Kriegstrommeln in der Ukraine

Der ukrainische Ministerpräsident Jazenjuk hat Reparationen von Russland gefordert – für die Zerstörungen im Donbassgebiet. D.h. die Zerstörungen im von der ukrainischen Armee zerbombten Donezk sollen die Russen zahlen?? Naja, man kann es ja mal probieren. http://de.sputniknews.com/politik/20150216/301126580.html

Wenn Griechen auch für 70 Jahre zurückliegende Ereignisse Reparationen fordern dürfen (dort werden wir aber anders als im Falle Israels wohl nichts zahlen), können Ukrainer auch frech sein. Arme Länder sind sie beide: Wirtschaftlich absteigend und von korrupten Eliten regiert bzw. gesteuert.

Die Ukraine hat darüber hinaus das traurige Schicksal, in einen Konflikt mit Russland gesteuert zu werden. Einen Konflikt, den der Westen anheizen hilft und in dem, sollten die Russen wirklich und nicht nur angeblich einmarschieren, längst das Ende des Krieges da wäre (denn die russische Armee ist der ukrainischen haushoch überlegen). http://fortruss.blogspot.de/2015/01/xyz-what-would-happen-if-russian-army.html

Leider wird uns in unserer Presse kaum noch etwas über geopolitische Hintergründe berichtet, sonst würden die meisten Leute verstehen, dass Moskau nicht anders handeln kann, als es handelt (d.h. mit Waffenlieferungen an die Rebellen, Annexion der Krim etc.).

Man stelle sich einfach mal den umgekehrten Fall vor: In Mexiko kommt eine kommunistische, amerikafeindliche Regierung ans Ruder. Diese erklärt, dass sich Mexiko künftig an Russland und China anschliessen wolle, kündigt alle laufenden Verträge mit Washington und kündet an, einem gegen die USA gerichteten Militärbündnis mit Russland und China beizutreten. Ausserdem lädt man russische Truppen zur Stationierung in Mexiko ein.

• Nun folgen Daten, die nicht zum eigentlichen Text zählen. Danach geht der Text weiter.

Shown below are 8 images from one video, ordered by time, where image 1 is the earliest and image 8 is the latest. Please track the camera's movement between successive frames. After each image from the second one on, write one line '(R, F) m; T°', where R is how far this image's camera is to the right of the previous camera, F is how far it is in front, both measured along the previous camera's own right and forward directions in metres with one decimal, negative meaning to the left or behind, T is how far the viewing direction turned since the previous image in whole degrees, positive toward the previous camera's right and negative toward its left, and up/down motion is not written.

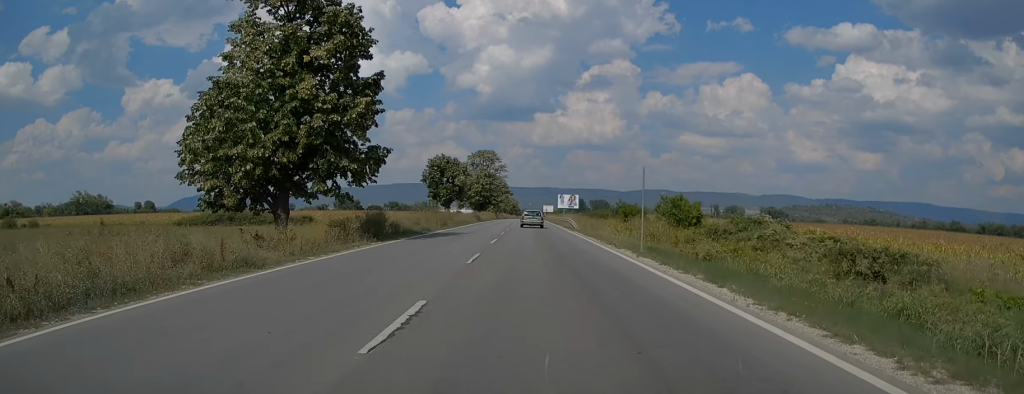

Wer glaubt, dass die USA dies mit einem Schulterzucken und einem „na lasst die Mexikaner mal machen – ist ja ne freie Welt“ hinnehmen würden, hat ernste Probleme in der Wahrnehmung und sollte erwägen, sich wegen Wahnvorstellungen behandeln zu lassen.

Die USA würden natürlich intervenieren und dies zu unterbinden versuchen! Entweder durch einen Regierungssturz oder die Finanzierung einer Gegenpartei, die einen Bürgerkrieg gegen die neue Regierung beginnt oder durch sonst eine Maßnahme. Diese direkte Bedrohung ihres Glacis könnten die USA ohne Gefährdung ihrer inneren Sicherheit nicht hinnehmen.

Umgekehrt geht es den Russen nicht anders. Es ist vollkommen naiv, zu glauben, dass die Russen es akzeptieren würden, dass in ihrem Vorhof eine (und sei es nur potenziell) gegen sie gerichtete Militärmacht sich breitmachen dürfte. Wer sagt denn, dass es bei amerikanischen Militärbeobachtern bliebe?
Und unter den gegebenen Umständen kann man die russische Reaktion bis jetzt als ausgewogen betrachten. Ein anderer Präsident als Putin hätte u. U. schon mit einer wirklichen Invasion (und keiner eingebildeten) reagiert. http://redpilltimes.com/many-times-russia-invaded-ukraine-last-year-lets-add/

Kurz: Präsident Poroschenko kann mit noch so vielen Metallteilen russischer Panzer herum wedeln. http://www.geolitico.de/2015/01/24/poroschenkos-kriegsgeheul/ Oder noch so viele Ausweise angeblich russischer Soldaten in die Kamera halten. http://www.t-online.de/nachrichten/ausland/krisen/id_72814996/ukraine-konflikt-poroschenko-zeigt-ausweise-russischer-soldaten.html

Er hat keinen Beweis für eine Invasion der Russen. Und es ändert nichts an der Tatsache, dass der Ukraine der Donbass und die Krim verloren gingen. Je eher man dies in Kiew einsieht, desto besser für das Land. Bzw.: Wenn die Kriegstrommeln in Kiew weiter dröhnen, darf sich der Beobachter schon fragen, auf wessen Initiative hin dies geschieht. Zeugnis von Realitätssinn ist es jedenfalls nicht.